One result of chronic arousal is the overactivation of allostatic anticipatory mechanisms, feedforward mechanisms, and eventual allostatic overload (McEwen, 1998a, b; Koob and Le Moal,
2001). The concept of allostasis emphasizes multiple systems in both the adaptive phase and the decline in pathology. The gradual decline of end-organ systems reflects allostatic overload, through their chronic overactivation and exaggerated expression. Moreover, long periods of physiological regulation are emphasized under allostatic regulation, in addition to cephalic innervation of physiological functions (within the rubric of allostatic regulation). In addition, the concept of allostasis was invoked to account for the way in which one lives; whether one smokes, drinks, or uses psychotropic drugs; how one eats; whether one is defending against deadly viruses.

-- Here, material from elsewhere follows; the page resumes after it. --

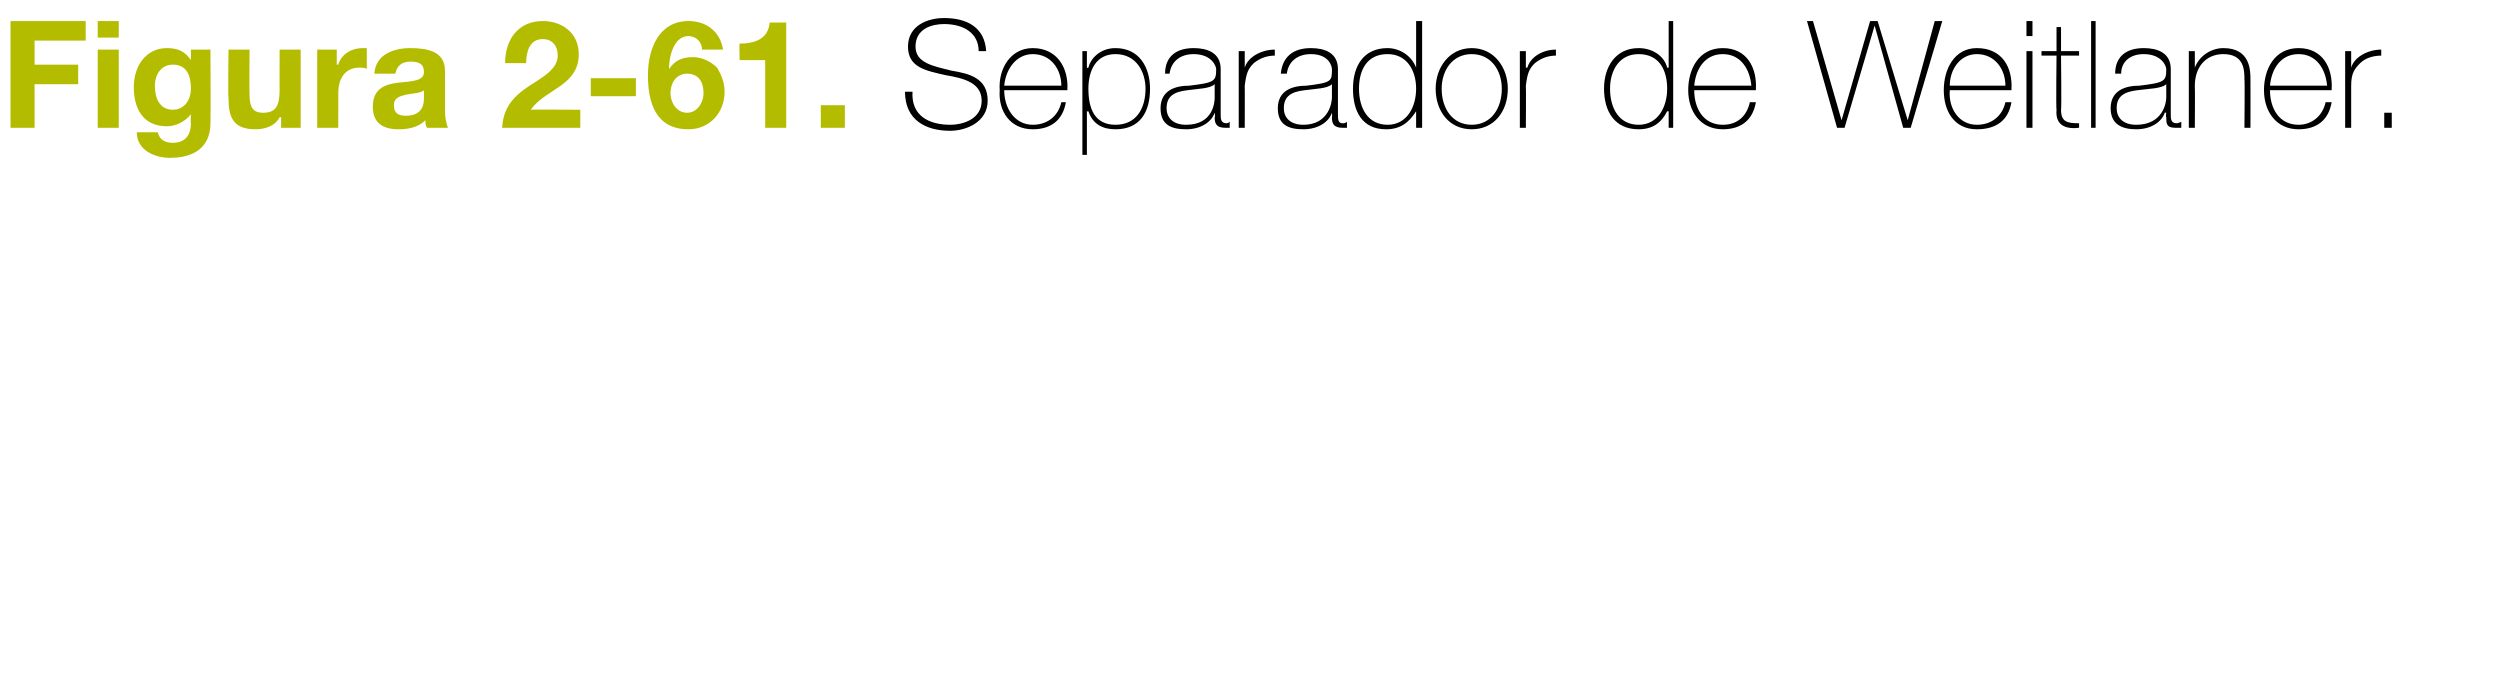 <?xml version="1.0" standalone="no"?><!DOCTYPE svg PUBLIC "-//W3C//DTD SVG 1.1//EN" "http://www.w3.org/Graphics/SVG/1.1/DTD/svg11.dtd"><svg xmlns="http://www.w3.org/2000/svg" version="1.1" width="166.3px" height="44.9px" viewBox="0 0 166.3 44.9">  <desc>Figura 2-61 Separador de Weitlaner</desc>  <defs/>  <g id="Polygon45192">    <path d="M 65.1 3.4 C 65.1 2.2 64.1 1.6 62.8 1.6 C 62 1.6 60.9 1.9 60.9 3.1 C 60.9 4.2 62.1 4.4 63.3 4.7 C 64.5 4.9 65.7 5.2 65.7 6.7 C 65.7 8.1 64.3 8.7 63.2 8.7 C 61.6 8.7 60.2 8 60.2 6.1 C 60.2 6.1 60.7 6.1 60.7 6.1 C 60.6 7.7 61.8 8.3 63.2 8.3 C 64.1 8.3 65.3 7.9 65.3 6.7 C 65.3 5.5 64.1 5.2 62.9 5 C 61.6 4.7 60.4 4.5 60.4 3.1 C 60.4 1.7 61.7 1.2 62.8 1.2 C 64.3 1.2 65.5 1.8 65.6 3.4 C 65.6 3.4 65.1 3.4 65.1 3.4 Z M 66.8 6 C 66.8 7.2 67.5 8.3 68.7 8.3 C 69.7 8.3 70.4 7.7 70.6 6.8 C 70.6 6.8 70.9 6.8 70.9 6.8 C 70.7 8 69.9 8.6 68.7 8.6 C 67.2 8.6 66.4 7.4 66.5 6 C 66.4 4.6 67.2 3.2 68.7 3.2 C 70.3 3.2 71.1 4.5 71 6 C 71 6 66.8 6 66.8 6 Z M 70.6 5.7 C 70.6 4.6 69.9 3.6 68.7 3.6 C 67.6 3.6 66.9 4.6 66.8 5.7 C 66.8 5.7 70.6 5.7 70.6 5.7 Z M 76.2 5.9 C 76.2 4.8 75.6 3.6 74.2 3.6 C 72.9 3.6 72.4 4.7 72.4 5.9 C 72.4 7.2 72.8 8.3 74.2 8.3 C 75.6 8.3 76.2 7.2 76.2 5.9 Z M 72.3 4.5 C 72.3 4.5 72.36 4.54 72.4 4.5 C 72.5 4 73.1 3.2 74.2 3.2 C 75.8 3.2 76.5 4.5 76.5 5.9 C 76.5 7.5 75.8 8.6 74.2 8.6 C 73.4 8.6 72.7 8.3 72.4 7.4 C 72.36 7.43 72.3 7.4 72.3 7.4 L 72.3 10.3 L 72 10.3 L 72 3.4 L 72.3 3.4 L 72.3 4.5 Z M 80.8 5.6 C 80.5 5.9 79.7 5.9 79 6 C 78.1 6.1 77.6 6.4 77.6 7.2 C 77.6 7.8 78 8.3 78.9 8.3 C 80.7 8.3 80.8 6.8 80.8 6.5 C 80.8 6.5 80.8 5.6 80.8 5.6 Z M 81.2 7.6 C 81.2 7.9 81.2 8.2 81.6 8.2 C 81.6 8.2 81.7 8.2 81.8 8.1 C 81.8 8.1 81.8 8.5 81.8 8.5 C 81.7 8.5 81.6 8.5 81.5 8.5 C 80.9 8.5 80.8 8.2 80.8 7.8 C 80.85 7.75 80.8 7.5 80.8 7.5 C 80.8 7.5 80.83 7.48 80.8 7.5 C 80.6 8.1 79.9 8.6 78.9 8.6 C 77.9 8.6 77.2 8.3 77.2 7.2 C 77.2 6 78.2 5.7 79.1 5.7 C 80.8 5.5 80.9 5.4 80.9 4.6 C 80.9 4.4 80.6 3.6 79.4 3.6 C 78.5 3.6 77.9 4.1 77.8 4.9 C 77.8 4.9 77.5 4.9 77.5 4.9 C 77.5 3.8 78.2 3.2 79.4 3.2 C 80.3 3.2 81.2 3.5 81.2 4.6 C 81.2 4.6 81.2 7.6 81.2 7.6 Z M 82.8 4.5 C 82.8 4.5 82.84 4.5 82.8 4.5 C 83 3.8 83.9 3.3 84.8 3.3 C 84.8 3.3 84.8 3.7 84.8 3.7 C 84.4 3.7 83.9 3.8 83.4 4.2 C 83 4.6 82.9 4.9 82.8 5.7 C 82.81 5.69 82.8 8.5 82.8 8.5 L 82.4 8.5 L 82.4 3.4 L 82.8 3.4 L 82.8 4.5 Z M 88.6 5.6 C 88.3 5.9 87.5 5.9 86.8 6 C 85.9 6.1 85.4 6.4 85.4 7.2 C 85.4 7.8 85.8 8.3 86.7 8.3 C 88.4 8.3 88.6 6.8 88.6 6.5 C 88.6 6.5 88.6 5.6 88.6 5.6 Z M 89 7.6 C 89 7.9 89 8.2 89.3 8.2 C 89.4 8.2 89.5 8.2 89.6 8.1 C 89.6 8.1 89.6 8.5 89.6 8.5 C 89.5 8.5 89.4 8.5 89.3 8.5 C 88.7 8.5 88.6 8.2 88.6 7.8 C 88.63 7.75 88.6 7.5 88.6 7.5 C 88.6 7.5 88.61 7.48 88.6 7.5 C 88.4 8.1 87.7 8.6 86.7 8.6 C 85.7 8.6 85 8.3 85 7.2 C 85 6 86 5.7 86.9 5.7 C 88.6 5.5 88.6 5.4 88.6 4.6 C 88.6 4.4 88.4 3.6 87.2 3.6 C 86.3 3.6 85.7 4.1 85.6 4.9 C 85.6 4.9 85.2 4.9 85.2 4.9 C 85.3 3.8 86 3.2 87.2 3.2 C 88.1 3.2 89 3.5 89 4.6 C 89 4.6 89 7.6 89 7.6 Z M 94.2 5.9 C 94.2 4.7 93.6 3.6 92.3 3.6 C 90.9 3.6 90.4 4.7 90.4 5.9 C 90.4 7.2 91 8.3 92.3 8.3 C 93.6 8.3 94.2 7.1 94.2 5.9 Z M 94.2 7.4 C 94.2 7.4 94.17 7.4 94.2 7.4 C 93.7 8.2 93.1 8.6 92.2 8.6 C 90.6 8.6 90 7.4 90 5.9 C 90 4.4 90.7 3.2 92.3 3.2 C 93.1 3.2 93.9 3.7 94.2 4.5 C 94.17 4.51 94.2 4.5 94.2 4.5 L 94.2 1.4 L 94.6 1.4 L 94.6 8.5 L 94.2 8.5 L 94.2 7.4 Z M 97.9 3.2 C 99.4 3.2 100.3 4.5 100.3 5.9 C 100.3 7.4 99.4 8.6 97.9 8.6 C 96.4 8.6 95.5 7.4 95.5 5.9 C 95.5 4.5 96.4 3.2 97.9 3.2 Z M 97.9 8.3 C 99.2 8.3 99.9 7.2 99.9 5.9 C 99.9 4.7 99.2 3.6 97.9 3.6 C 96.6 3.6 95.9 4.7 95.9 5.9 C 95.9 7.2 96.6 8.3 97.9 8.3 Z M 101.5 4.5 C 101.5 4.5 101.55 4.5 101.6 4.5 C 101.8 3.8 102.6 3.3 103.5 3.3 C 103.5 3.3 103.5 3.7 103.5 3.7 C 103.1 3.7 102.6 3.8 102.1 4.2 C 101.7 4.6 101.6 4.9 101.5 5.7 C 101.52 5.69 101.5 8.5 101.5 8.5 L 101.1 8.5 L 101.1 3.4 L 101.5 3.4 L 101.5 4.5 Z M 110.9 5.9 C 110.9 4.7 110.4 3.6 109 3.6 C 107.7 3.6 107.1 4.7 107.1 5.9 C 107.1 7.2 107.7 8.3 109 8.3 C 110.3 8.3 110.9 7.1 110.9 5.9 Z M 111 7.4 C 111 7.4 110.93 7.4 110.9 7.4 C 110.5 8.2 109.9 8.6 109 8.6 C 107.4 8.6 106.7 7.4 106.7 5.9 C 106.7 4.4 107.5 3.2 109 3.2 C 109.9 3.2 110.7 3.7 110.9 4.5 C 110.93 4.51 111 4.5 111 4.5 L 111 1.4 L 111.3 1.4 L 111.3 8.5 L 111 8.5 L 111 7.4 Z M 112.7 6 C 112.7 7.2 113.3 8.3 114.6 8.3 C 115.6 8.3 116.2 7.7 116.4 6.8 C 116.4 6.8 116.8 6.8 116.8 6.8 C 116.6 8 115.8 8.6 114.6 8.6 C 113.1 8.6 112.3 7.4 112.3 6 C 112.3 4.6 113 3.2 114.6 3.2 C 116.2 3.2 116.9 4.5 116.8 6 C 116.8 6 112.7 6 112.7 6 Z M 116.5 5.7 C 116.4 4.6 115.8 3.6 114.6 3.6 C 113.4 3.6 112.8 4.6 112.7 5.7 C 112.7 5.7 116.5 5.7 116.5 5.7 Z M 120.2 1.4 L 120.6 1.4 L 122.5 8 L 122.5 8 L 124.4 1.4 L 124.9 1.4 L 126.9 8 L 126.9 8 L 128.7 1.4 L 129.2 1.4 L 127.1 8.5 L 126.6 8.5 L 124.7 1.7 L 124.7 1.7 L 122.7 8.5 L 122.2 8.5 L 120.2 1.4 Z M 129.7 6 C 129.6 7.2 130.3 8.3 131.5 8.3 C 132.5 8.3 133.2 7.7 133.4 6.8 C 133.4 6.8 133.8 6.8 133.8 6.8 C 133.6 8 132.8 8.6 131.5 8.6 C 130 8.6 129.3 7.4 129.3 6 C 129.3 4.6 130 3.2 131.5 3.2 C 133.2 3.2 133.9 4.5 133.8 6 C 133.8 6 129.7 6 129.7 6 Z M 133.4 5.7 C 133.4 4.6 132.7 3.6 131.5 3.6 C 130.4 3.6 129.7 4.6 129.7 5.7 C 129.7 5.7 133.4 5.7 133.4 5.7 Z M 134.8 8.5 L 134.8 3.4 L 135.2 3.4 L 135.2 8.5 L 134.8 8.5 Z M 134.8 2.4 L 134.8 1.4 L 135.2 1.4 L 135.2 2.4 L 134.8 2.4 Z M 138.3 3.7 L 137.1 3.7 C 137.1 3.7 137.14 7.28 137.1 7.3 C 137.1 8.1 137.5 8.2 138.3 8.2 C 138.3 8.2 138.3 8.5 138.3 8.5 C 137.5 8.6 136.7 8.4 136.8 7.3 C 136.76 7.28 136.8 3.7 136.8 3.7 L 135.8 3.7 L 135.8 3.4 L 136.8 3.4 L 136.8 1.8 L 137.1 1.8 L 137.1 3.4 L 138.3 3.4 L 138.3 3.7 Z M 139.4 1.4 L 139.4 8.5 L 139.1 8.5 L 139.1 1.4 L 139.4 1.4 Z M 144.1 5.6 C 143.8 5.9 142.9 5.9 142.2 6 C 141.3 6.1 140.8 6.4 140.8 7.2 C 140.8 7.8 141.2 8.3 142.1 8.3 C 143.9 8.3 144.1 6.8 144.1 6.5 C 144.1 6.5 144.1 5.6 144.1 5.6 Z M 144.4 7.6 C 144.4 7.9 144.4 8.2 144.8 8.2 C 144.8 8.2 144.9 8.2 145.1 8.1 C 145.1 8.1 145.1 8.5 145.1 8.5 C 144.9 8.5 144.8 8.5 144.7 8.5 C 144.1 8.5 144.1 8.2 144.1 7.8 C 144.05 7.75 144.1 7.5 144.1 7.5 C 144.1 7.5 144.03 7.48 144 7.5 C 143.8 8.1 143.1 8.6 142.1 8.6 C 141.2 8.6 140.4 8.3 140.4 7.2 C 140.4 6 141.4 5.7 142.3 5.7 C 144 5.5 144.1 5.4 144.1 4.6 C 144.1 4.4 143.8 3.6 142.6 3.6 C 141.7 3.6 141.1 4.1 141.1 4.9 C 141.1 4.9 140.7 4.9 140.7 4.9 C 140.7 3.8 141.4 3.2 142.6 3.2 C 143.5 3.2 144.4 3.5 144.4 4.6 C 144.4 4.6 144.4 7.6 144.4 7.6 Z M 145.6 3.4 L 146 3.4 L 146 4.5 C 146 4.5 146.04 4.46 146 4.5 C 146.3 3.7 147.1 3.2 147.9 3.2 C 149.7 3.2 149.7 4.7 149.7 5.3 C 149.71 5.32 149.7 8.5 149.7 8.5 L 149.3 8.5 C 149.3 8.5 149.33 5.25 149.3 5.3 C 149.3 4.7 149.3 3.6 147.9 3.6 C 146.7 3.6 146 4.5 146 5.7 C 146.02 5.72 146 8.5 146 8.5 L 145.6 8.5 L 145.6 3.4 Z M 151 6 C 151 7.2 151.6 8.3 152.9 8.3 C 153.8 8.3 154.5 7.7 154.7 6.8 C 154.7 6.8 155.1 6.8 155.1 6.8 C 154.9 8 154.1 8.6 152.9 8.6 C 151.4 8.6 150.6 7.4 150.6 6 C 150.6 4.6 151.3 3.2 152.9 3.2 C 154.5 3.2 155.2 4.5 155.1 6 C 155.1 6 151 6 151 6 Z M 154.8 5.7 C 154.7 4.6 154.1 3.6 152.9 3.6 C 151.7 3.6 151.1 4.6 151 5.7 C 151 5.7 154.8 5.7 154.8 5.7 Z M 156.4 4.5 C 156.4 4.5 156.43 4.5 156.4 4.5 C 156.6 3.8 157.5 3.3 158.4 3.3 C 158.4 3.3 158.4 3.7 158.4 3.7 C 158 3.7 157.4 3.8 157 4.2 C 156.6 4.6 156.4 4.9 156.4 5.7 C 156.4 5.69 156.4 8.5 156.4 8.5 L 156 8.5 L 156 3.4 L 156.4 3.4 L 156.4 4.5 Z M 158.6 8.5 L 158.6 7.5 L 159.1 7.5 L 159.1 8.5 L 158.6 8.5 Z " stroke="none" fill="#000"/>  </g>  <g id="Polygon45191">    <path d="M 0.7 1.4 L 5.7 1.4 L 5.7 2.7 L 2.3 2.7 L 2.3 4.3 L 5.2 4.3 L 5.2 5.6 L 2.3 5.6 L 2.3 8.5 L 0.7 8.5 L 0.7 1.4 Z M 6.5 3.3 L 7.9 3.3 L 7.9 8.5 L 6.5 8.5 L 6.5 3.3 Z M 7.9 2.5 L 6.5 2.5 L 6.5 1.4 L 7.9 1.4 L 7.9 2.5 Z M 14 8.2 C 14 9 13.7 10.5 11.3 10.5 C 10.3 10.5 9.1 10 9.1 8.8 C 9.1 8.8 10.5 8.8 10.5 8.8 C 10.6 9.3 11 9.5 11.5 9.5 C 12.3 9.5 12.7 9 12.7 8.2 C 12.67 8.23 12.7 7.6 12.7 7.6 C 12.7 7.6 12.65 7.55 12.7 7.6 C 12.3 8.1 11.7 8.4 11.1 8.4 C 9.5 8.4 8.9 7.2 8.9 5.8 C 8.9 4.4 9.7 3.2 11.1 3.2 C 11.8 3.2 12.3 3.4 12.7 4 C 12.65 4.02 12.7 4 12.7 4 L 12.7 3.3 L 14 3.3 C 14 3.3 14.02 8.17 14 8.2 Z M 12.7 5.9 C 12.7 5 12.4 4.3 11.5 4.3 C 10.7 4.3 10.3 5 10.3 5.7 C 10.3 6.5 10.6 7.3 11.5 7.3 C 12.3 7.3 12.7 6.6 12.7 5.9 Z M 20 8.5 L 18.7 8.5 L 18.7 7.8 C 18.7 7.8 18.63 7.78 18.6 7.8 C 18.3 8.4 17.6 8.6 17 8.6 C 15.5 8.6 15.2 7.8 15.2 6.5 C 15.16 6.51 15.2 3.3 15.2 3.3 L 16.6 3.3 C 16.6 3.3 16.58 6.25 16.6 6.3 C 16.6 7.1 16.8 7.5 17.5 7.5 C 18.3 7.5 18.6 7.1 18.6 6 C 18.59 6.04 18.6 3.3 18.6 3.3 L 20 3.3 L 20 8.5 Z M 21.1 3.3 L 22.4 3.3 L 22.4 4.3 C 22.4 4.3 22.46 4.29 22.5 4.3 C 22.7 3.6 23.4 3.2 24.1 3.2 C 24.2 3.2 24.3 3.2 24.4 3.2 C 24.4 3.2 24.4 4.6 24.4 4.6 C 24.3 4.5 24.1 4.5 23.9 4.5 C 22.9 4.5 22.5 5.3 22.5 6.2 C 22.51 6.17 22.5 8.5 22.5 8.5 L 21.1 8.5 L 21.1 3.3 Z M 28.2 6 C 28 6.2 27.5 6.2 27 6.3 C 26.6 6.4 26.2 6.5 26.2 7 C 26.2 7.6 26.6 7.7 27 7.7 C 28.2 7.7 28.2 6.8 28.2 6.5 C 28.2 6.5 28.2 6 28.2 6 Z M 24.9 4.9 C 25 3.6 26.2 3.2 27.3 3.2 C 28.4 3.2 29.6 3.4 29.6 4.7 C 29.6 4.7 29.6 7.4 29.6 7.4 C 29.6 7.8 29.7 8.3 29.8 8.5 C 29.8 8.5 28.4 8.5 28.4 8.5 C 28.3 8.3 28.3 8.2 28.3 8 C 27.8 8.5 27.1 8.6 26.5 8.6 C 25.5 8.6 24.8 8.2 24.8 7.1 C 24.8 5.9 25.6 5.6 26.5 5.5 C 27.4 5.4 28.2 5.4 28.2 4.8 C 28.2 4.2 27.8 4.1 27.3 4.1 C 26.7 4.1 26.4 4.4 26.3 4.9 C 26.3 4.9 24.9 4.9 24.9 4.9 Z M 33.6 4.2 C 33.6 2.6 34.5 1.4 36.1 1.4 C 37.4 1.4 38.5 2.2 38.5 3.6 C 38.5 4.6 38 5.2 37.3 5.7 C 36.6 6.2 35.8 6.6 35.3 7.3 C 35.28 7.28 38.6 7.3 38.6 7.3 L 38.6 8.5 C 38.6 8.5 33.45 8.5 33.4 8.5 C 33.5 6.9 34.4 6.2 35.7 5.4 C 36.3 5 37.1 4.5 37.1 3.7 C 37.1 3 36.7 2.6 36.1 2.6 C 35.2 2.6 35 3.5 35 4.2 C 35 4.2 33.6 4.2 33.6 4.2 Z M 39.3 5.2 L 42.3 5.2 L 42.3 6.4 L 39.3 6.4 L 39.3 5.2 Z M 46.7 3.3 C 46.7 2.8 46.3 2.4 45.8 2.4 C 44.8 2.4 44.5 3.8 44.5 4.6 C 44.5 4.6 44.5 4.6 44.5 4.6 C 44.9 4 45.4 3.8 46.1 3.8 C 46.7 3.8 47.3 4.1 47.7 4.5 C 48 5 48.2 5.5 48.2 6.1 C 48.2 7.5 47.2 8.6 45.8 8.6 C 43.6 8.6 43.1 6.8 43.1 5 C 43.1 3.3 43.8 1.4 45.8 1.4 C 47 1.4 47.9 2.1 48.1 3.3 C 48.1 3.3 46.7 3.3 46.7 3.3 Z M 44.6 6.2 C 44.6 6.8 45 7.5 45.7 7.5 C 46.4 7.5 46.8 6.8 46.8 6.2 C 46.8 5.5 46.5 4.9 45.7 4.9 C 45 4.9 44.6 5.5 44.6 6.2 Z M 52.3 8.5 L 50.9 8.5 L 50.9 4 L 49.2 4 C 49.2 4 49.17 2.89 49.2 2.9 C 50.2 2.9 51.1 2.6 51.2 1.5 C 51.22 1.5 52.3 1.5 52.3 1.5 L 52.3 8.5 Z M 54.6 7 L 56.2 7 L 56.2 8.5 L 54.6 8.5 L 54.6 7 Z " stroke="none" fill="#b4bc00"/>  </g></svg>

Allostasis and Cortisol—The Hormone of Energy Metabolism
Cortisol, as I have indicated, has permissive, stimulatory, sup-pressive, and preparative functions in orchestrating bodily viability to acute challenges (Ingle, 1952; Munck et al., 1984; McEwen, 1998a, b; Sapolsky et al., 2001). Glucocorticoids regulate cardiovascular, metabolic, and neural adaptive functions in the short-term context in a wide variety of ways (Sapolsky et al., 2000).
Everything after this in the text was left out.